The amliNet team: Alex, Vita, Gabi
The data we used to train and test our models is the CheXpert dataset, created by researchers at Stanford. The data is avaible after filling out the form on the bottom of their website: https://stanfordmlgroup.github.io/competitions/chexpert/ Our models all used the downsampled resolution images, called the 'small' set.
A few methods were attempted to wrangle the data. The downloaded data came in a 12gb zip file. We created a method to edit the path of the images so no matter where the model is being run (jupyter in a separate folder, google colab, the cloud), the images are accessable.
Download the zip file and unzip onto the hard drive (unzipped size also approximately 12 gb). Run a jupyter notebook and make sure to edit the PATH variable to the location of the unzipped dataset directory.
The zipped file fits great on Google Drive, but Google Drive is unable to handle the number of subdirectories within the training data, and will always fail to unzip. Luckily, Google Colab exists and works very similarly to Jupyter notebook, with easy access to Google Drive. Colab can unzip the file to the runtime, which will persist on that runtime for a whole day. The data can then be used like it was on a local hard drive.

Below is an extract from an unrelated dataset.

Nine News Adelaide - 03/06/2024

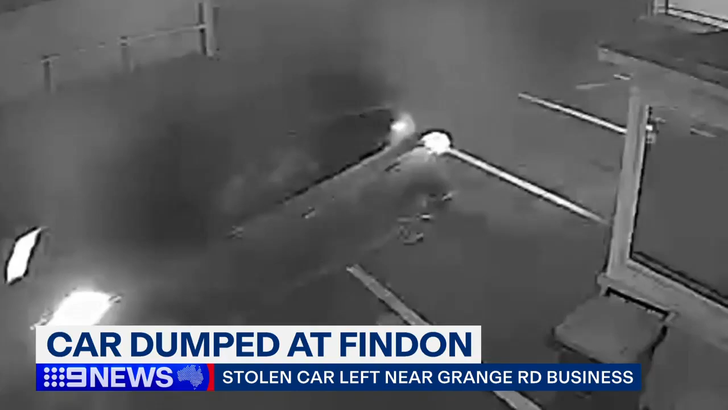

We uploaded the unzipped file to a google cloud bucket, then launched an instance of the google cloud virtual machine and edited Jupyter notebooks through there. The results were very slow, so Google Colab was the option we mostly chose to use.
We have run a number of different pretarined models: DenseNet121, ResNet, Xception and more. We have also provided a template where any number of models can be tested or custom created.
Our final goals:
How can we maximize model performance for binary classification? Does adding non-image features improve binary classification? How does our model perform with multi-label classification?